Directions for this task: All entries below must be output word for word, and the pictures left behind.

Extracted entries:
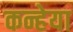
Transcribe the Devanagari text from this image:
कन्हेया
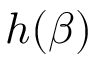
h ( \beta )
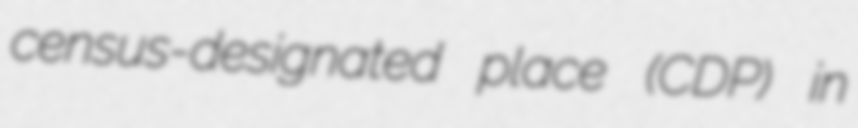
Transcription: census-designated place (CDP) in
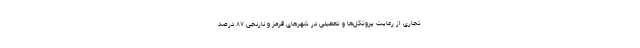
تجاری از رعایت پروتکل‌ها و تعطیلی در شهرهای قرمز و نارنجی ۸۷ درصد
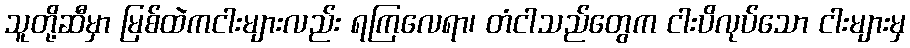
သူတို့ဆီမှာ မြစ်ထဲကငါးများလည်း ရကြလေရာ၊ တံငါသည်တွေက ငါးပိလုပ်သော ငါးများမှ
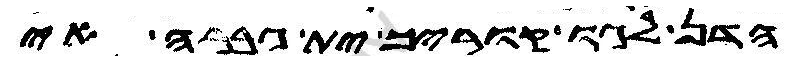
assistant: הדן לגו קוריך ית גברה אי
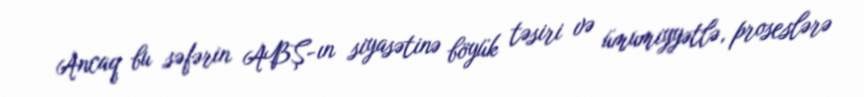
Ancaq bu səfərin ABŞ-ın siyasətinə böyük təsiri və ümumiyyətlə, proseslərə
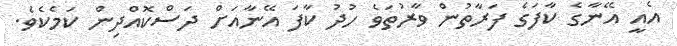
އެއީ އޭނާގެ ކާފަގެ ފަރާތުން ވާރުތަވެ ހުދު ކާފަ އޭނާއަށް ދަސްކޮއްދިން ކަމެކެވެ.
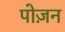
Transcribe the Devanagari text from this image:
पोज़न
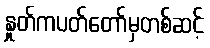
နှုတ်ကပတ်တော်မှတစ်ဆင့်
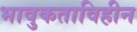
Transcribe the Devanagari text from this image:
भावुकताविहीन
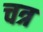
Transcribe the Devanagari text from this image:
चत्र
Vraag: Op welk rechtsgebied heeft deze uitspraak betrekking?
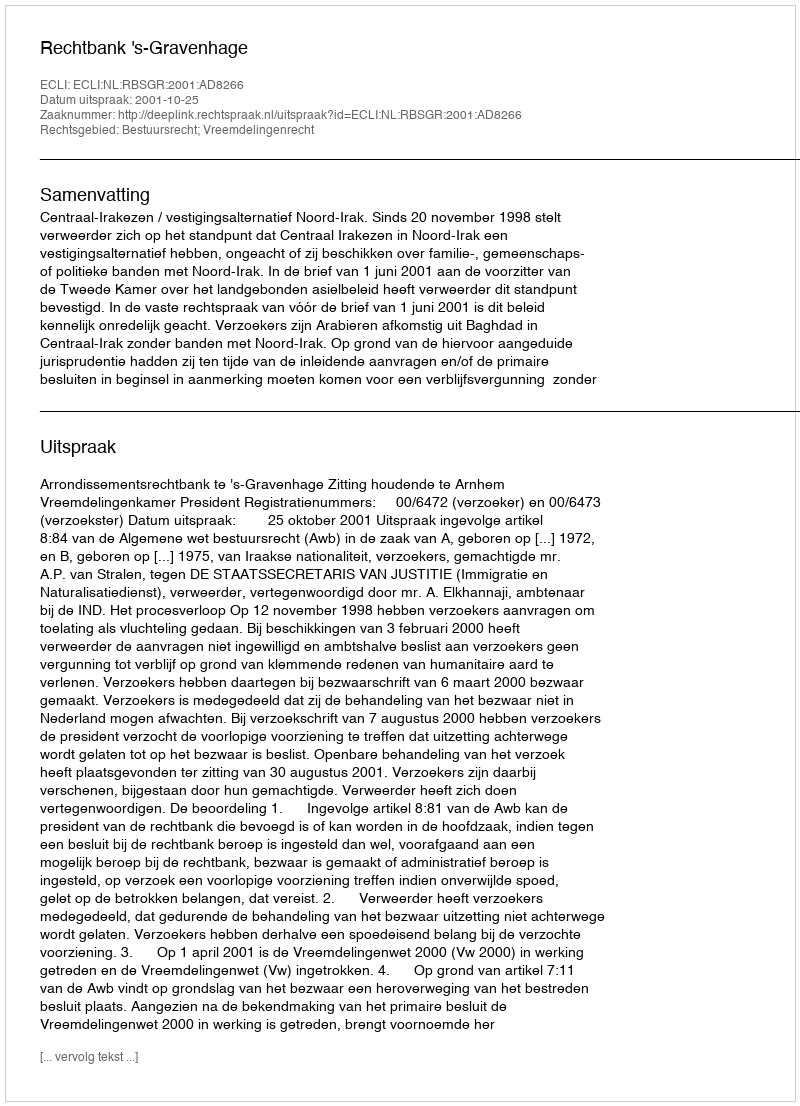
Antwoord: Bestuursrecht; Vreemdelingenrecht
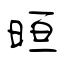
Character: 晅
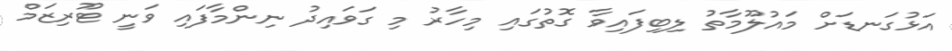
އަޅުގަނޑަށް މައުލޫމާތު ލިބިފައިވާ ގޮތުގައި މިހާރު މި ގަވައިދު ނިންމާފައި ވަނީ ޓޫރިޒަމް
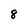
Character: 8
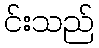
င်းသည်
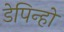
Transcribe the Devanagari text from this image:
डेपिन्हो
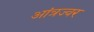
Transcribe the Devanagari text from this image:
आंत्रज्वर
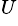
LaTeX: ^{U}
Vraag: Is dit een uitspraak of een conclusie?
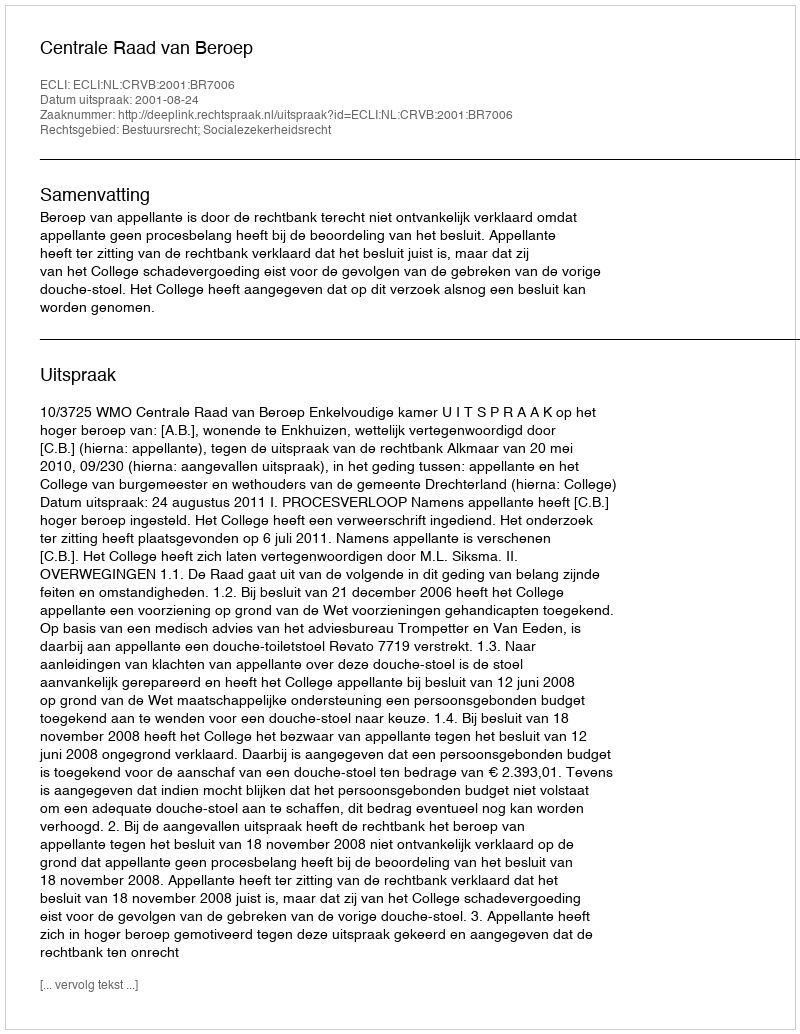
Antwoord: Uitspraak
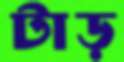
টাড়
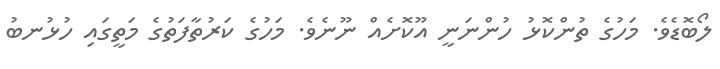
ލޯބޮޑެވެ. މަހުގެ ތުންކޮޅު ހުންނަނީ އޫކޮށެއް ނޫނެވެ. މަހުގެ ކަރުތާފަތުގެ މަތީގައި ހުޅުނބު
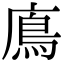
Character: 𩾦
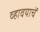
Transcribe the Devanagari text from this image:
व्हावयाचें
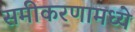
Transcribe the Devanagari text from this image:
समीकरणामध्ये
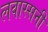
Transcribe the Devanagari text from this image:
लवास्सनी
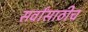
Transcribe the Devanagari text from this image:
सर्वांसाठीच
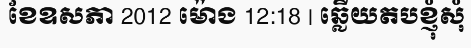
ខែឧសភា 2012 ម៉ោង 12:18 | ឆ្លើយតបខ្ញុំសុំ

Answer section:
Transcribe the Devanagari text from this image:
कन्हेया
h ( \beta )
Transcription: census-designated place (CDP) in
تجاری از رعایت پروتکل‌ها و تعطیلی در شهرهای قرمز و نارنجی ۸۷ درصد
သူတို့ဆီမှာ မြစ်ထဲကငါးများလည်း ရကြလေရာ၊ တံငါသည်တွေက ငါးပိလုပ်သော ငါးများမှ
assistant: הדן לגו קוריך ית גברה אי
Ancaq bu səfərin ABŞ-ın siyasətinə böyük təsiri və ümumiyyətlə, proseslərə
އެއީ އޭނާގެ ކާފަގެ ފަރާތުން ވާރުތަވެ ހުދު ކާފަ އޭނާއަށް ދަސްކޮއްދިން ކަމެކެވެ.
Transcribe the Devanagari text from this image:
पोज़न
နှုတ်ကပတ်တော်မှတစ်ဆင့်
Transcribe the Devanagari text from this image:
भावुकताविहीन
Transcribe the Devanagari text from this image:
चत्र
Vraag: Op welk rechtsgebied heeft deze uitspraak betrekking?
Antwoord: Bestuursrecht; Vreemdelingenrecht
Character: 晅
އަޅުގަނޑަށް މައުލޫމާތު ލިބިފައިވާ ގޮތުގައި މިހާރު މި ގަވައިދު ނިންމާފައި ވަނީ ޓޫރިޒަމް
Character: 8
င်းသည်
Transcribe the Devanagari text from this image:
डेपिन्हो
Transcribe the Devanagari text from this image:
आंत्रज्वर
LaTeX: ^{U}
Vraag: Is dit een uitspraak of een conclusie?
Antwoord: Uitspraak
টাড়
ލޯބޮޑެވެ. މަހުގެ ތުންކޮޅު ހުންނަނީ އޫކޮށެއް ނޫނެވެ. މަހުގެ ކަރުތާފަތުގެ މަތީގައި ހުޅުނބު
Character: 𩾦
Transcribe the Devanagari text from this image:
व्हावयाचें
Transcribe the Devanagari text from this image:
समीकरणामध्ये
Transcribe the Devanagari text from this image:
लवास्सनी
Transcribe the Devanagari text from this image:
सर्वांसाठीच
ខែឧសភា 2012 ម៉ោង 12:18 | ឆ្លើយតបខ្ញុំសុំ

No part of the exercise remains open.